THE PRINTING AND PROCESSING OF TONED POSITIVES Until now, the absence of primary technical descriptions has made it difficult to understand the interaction of the processing and the printing of positives that were to be toned, but Pathé’s logbook sheds useful light on this early technical history. In the logbook, as early as 1906, a Pathé engineer named Dubois explained that print processing needed to be slower to increase the contrast for toning.9 Although the standardization of the processing was quite problematic in Joinville, the negatives processed by Vincennes also created a few problems that Dubois mentioned. A few titles, such as Tour du monde, Steeple Chase, Odyssée d’un paysan à la ville (1905), and Pantalon, had poor camera exposure during filming, which necessitated a fifteen-minute increase in the processing, according to Dubois.
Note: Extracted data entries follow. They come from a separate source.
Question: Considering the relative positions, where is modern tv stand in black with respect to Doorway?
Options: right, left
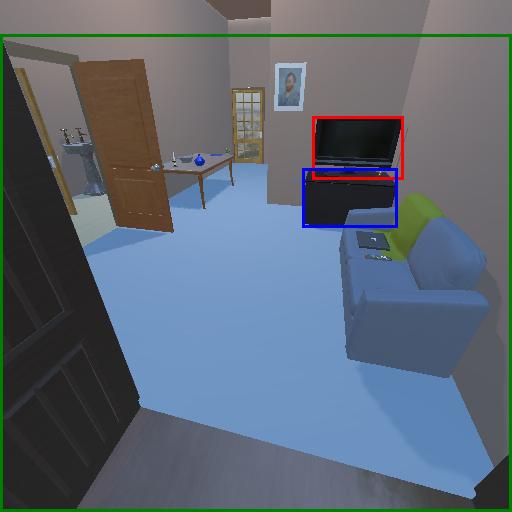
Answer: right
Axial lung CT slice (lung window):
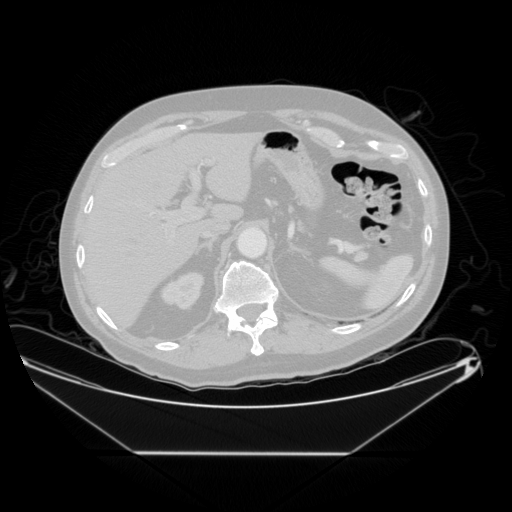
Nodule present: no
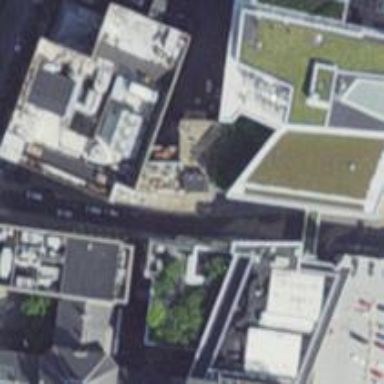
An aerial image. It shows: Building with flat concrete roof.
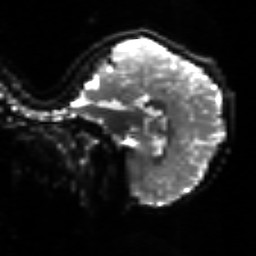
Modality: sbref
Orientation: sagittal
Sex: female
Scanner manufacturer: siemens
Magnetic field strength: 3 T
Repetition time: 5 s
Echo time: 0.071 s
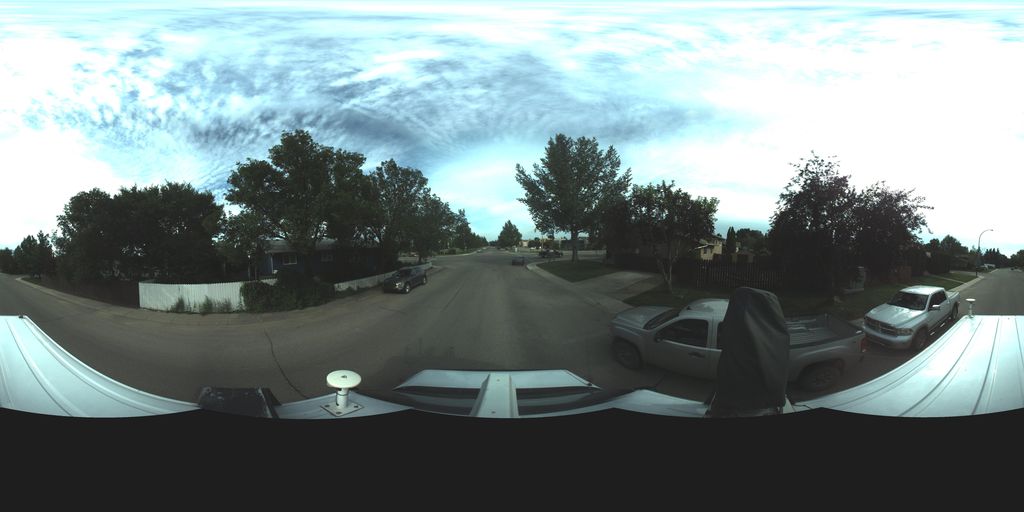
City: saskatoon
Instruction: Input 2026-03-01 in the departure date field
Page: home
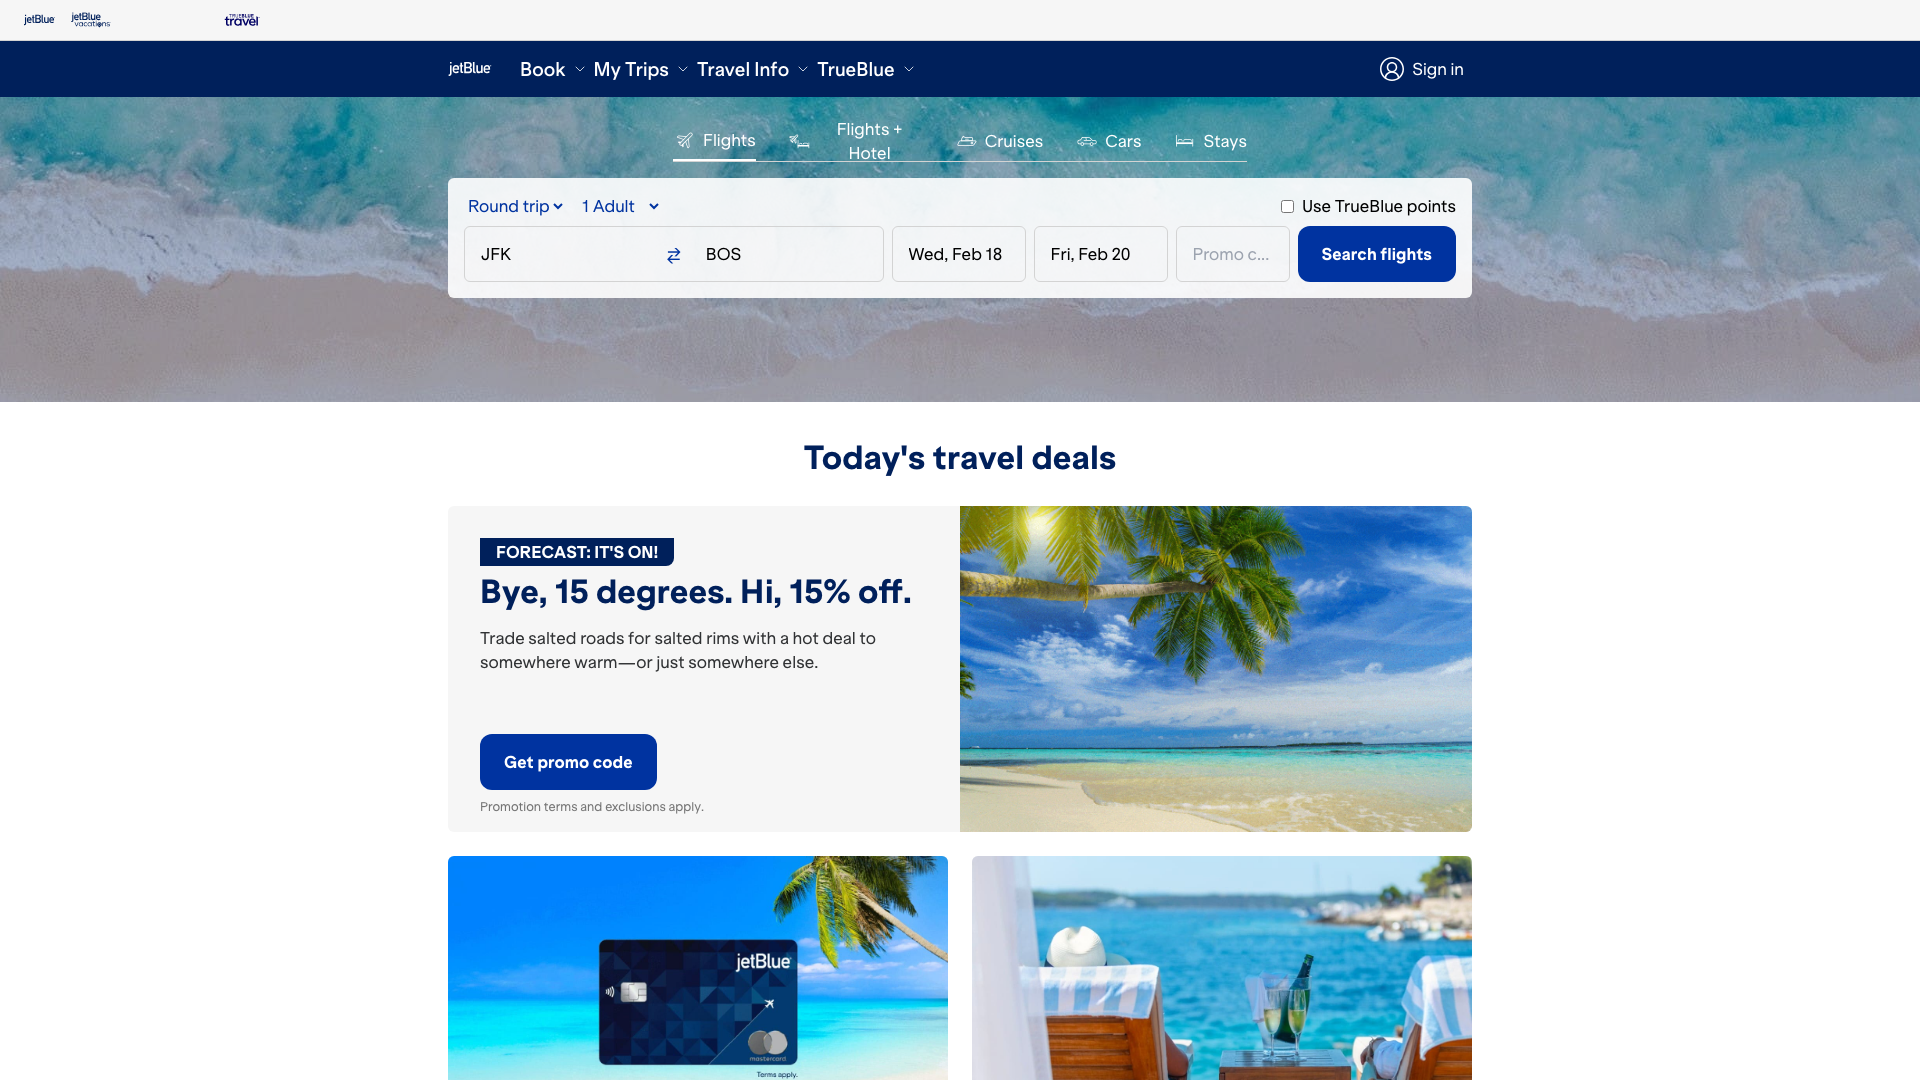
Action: type
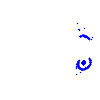
Particle: electron
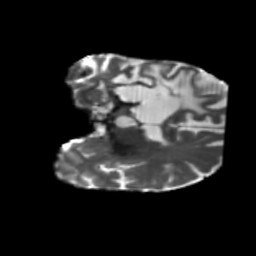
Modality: T2w
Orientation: coronal
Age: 57
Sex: male
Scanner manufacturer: siemens
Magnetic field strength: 3 T
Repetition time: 5.47 s
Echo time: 0.0854 s
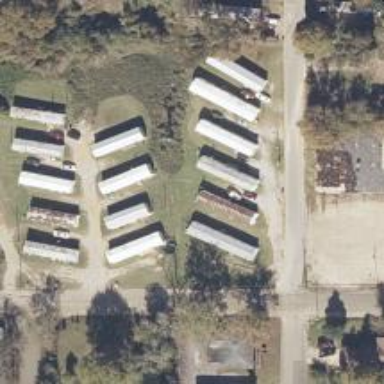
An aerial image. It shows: Residential area with mobile homes.
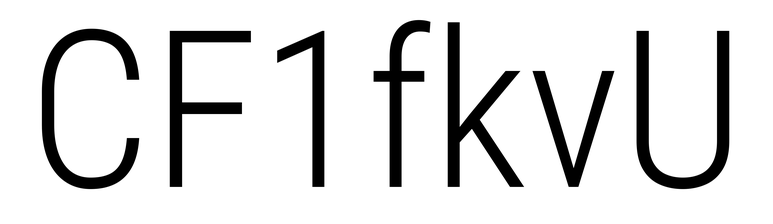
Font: Roboto_Condensed_Light
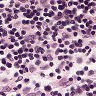
Metastatic tissue present: no
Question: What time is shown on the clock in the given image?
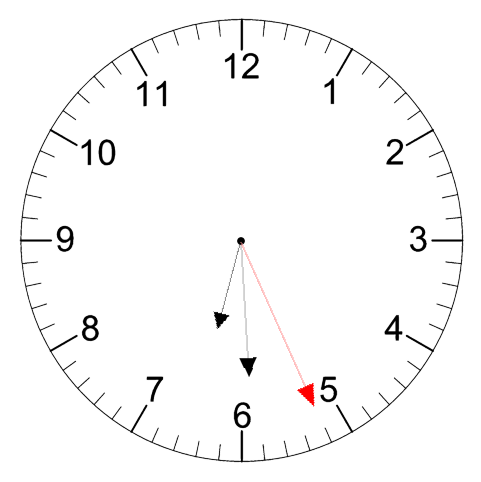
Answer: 06:29:26
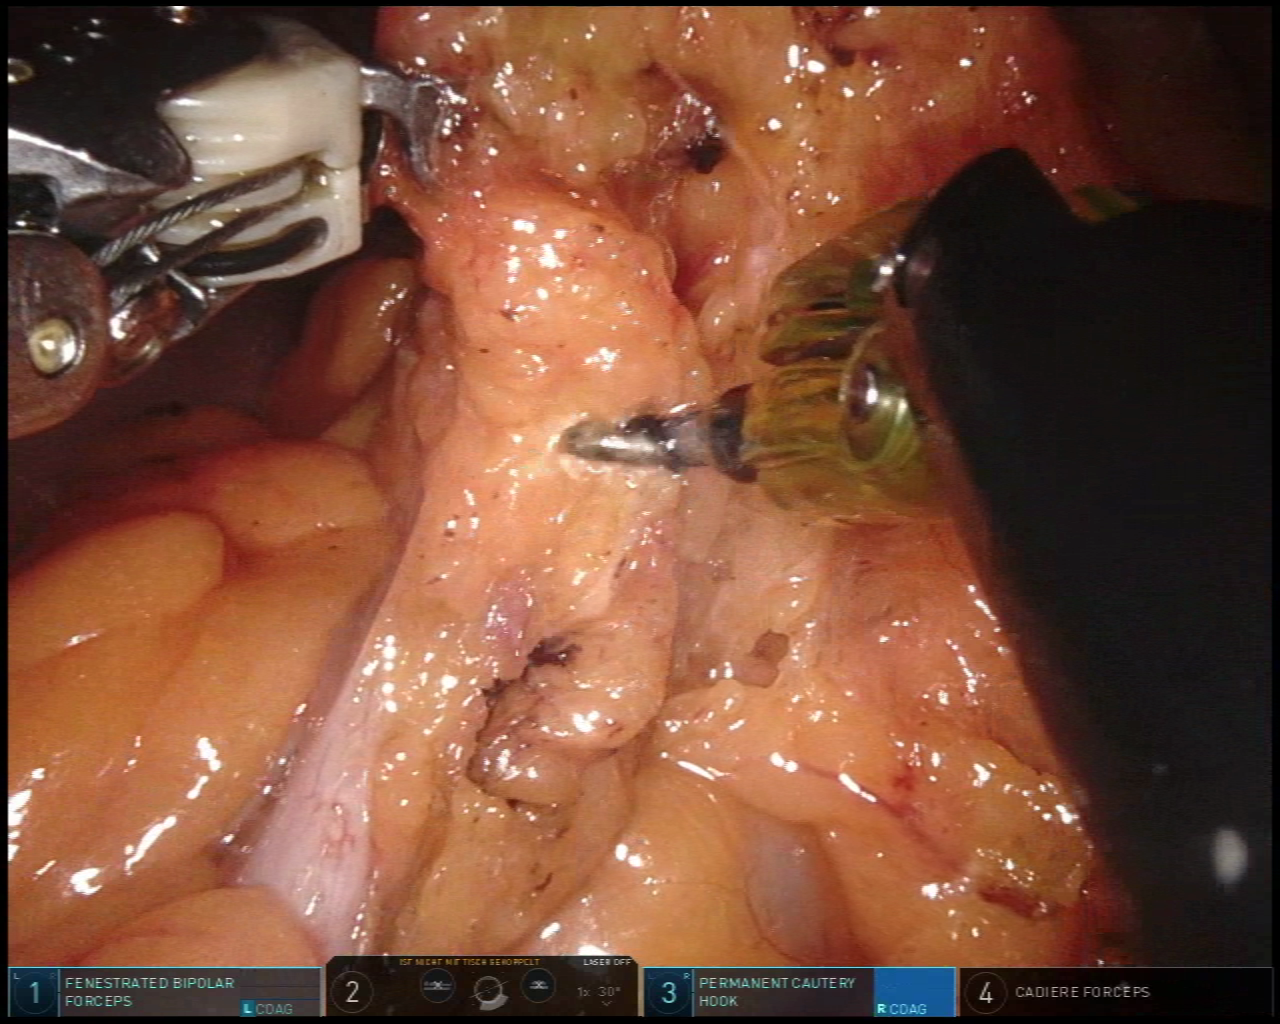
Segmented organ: stomach
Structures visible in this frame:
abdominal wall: no
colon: yes
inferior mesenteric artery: no
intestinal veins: no
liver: no
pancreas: no
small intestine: no
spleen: yes
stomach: yes
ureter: no
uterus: no
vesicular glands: no
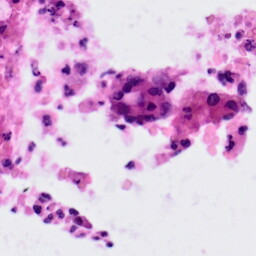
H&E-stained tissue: Colon
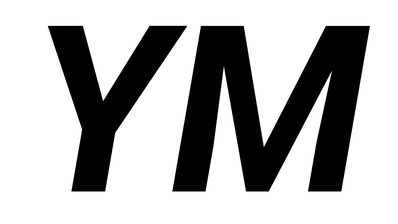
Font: Roboto-Italic_Bold_Italic
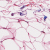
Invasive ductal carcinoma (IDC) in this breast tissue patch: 0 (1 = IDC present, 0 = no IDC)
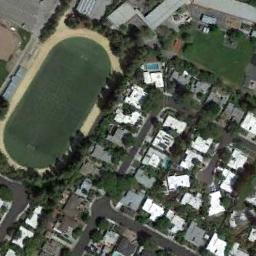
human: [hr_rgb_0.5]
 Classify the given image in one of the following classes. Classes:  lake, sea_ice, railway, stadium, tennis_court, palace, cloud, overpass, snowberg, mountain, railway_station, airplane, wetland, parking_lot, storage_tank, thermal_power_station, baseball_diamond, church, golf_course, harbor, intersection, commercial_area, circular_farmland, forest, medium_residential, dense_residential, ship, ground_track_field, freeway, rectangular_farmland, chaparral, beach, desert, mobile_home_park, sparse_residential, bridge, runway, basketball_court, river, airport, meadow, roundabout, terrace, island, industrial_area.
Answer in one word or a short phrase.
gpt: ground_track_field
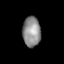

Dubois also frequently complained about the disorder of the processing, calling for increased regulation of the workers in charge of the development, and specifically criticized their practice of adding more developer and water into the baths whenever they wanted, which made each tray very different from the others with regard to chemical composition.10 Laboratory printing methods in 1906 were approximate, as the grading was done by eye and by adjusting the distance of the bulb in the printer from the film being printed to modify the contrast, a much cruder method than later practices of modifying bulb intensity through voltage. To increase the sharpness of the image, potassium bromide was added to the processing bath, a common practice in still
photography. With increased contrast in the toning process, the brightness and density of the color in the print emerge, bringing a more colorful image to life. The logbook offers film restorers important insight into print density for toned materials, especially in instances where positive reference prints no longer exist, as is the case for the Cinémathèque Française, which holds the largest collection of original Pathé negatives in the world, allowing it to reproduce new prints representative of the original effort. The writers of the logbook regularly explain that toning was time consuming, given the extensive chemical manipulation involved, but it was still cost effective because of the metals employed. The trays used for the baths had to be switched from lead to wood to avoid reactions of the chemical components, a problem encountered mostly with vanadium (for yellow-green tones). Moreover, this simple change in trays made the toning baths much more efficient in terms of longevity. The logbook documents, through almost daily entries, Pathé’s dedication to understanding and refining the toning process by recording the engineers’ adjustment of colors, including specific measurements of the chemical components, as well as the laboratory’s understanding of the longevity of processing chemicals when mass-producing multiple prints. The following topic headings correspond to titles from logbook entries and illustrate developments in quality control and the refinement of Pathé’s various color processes.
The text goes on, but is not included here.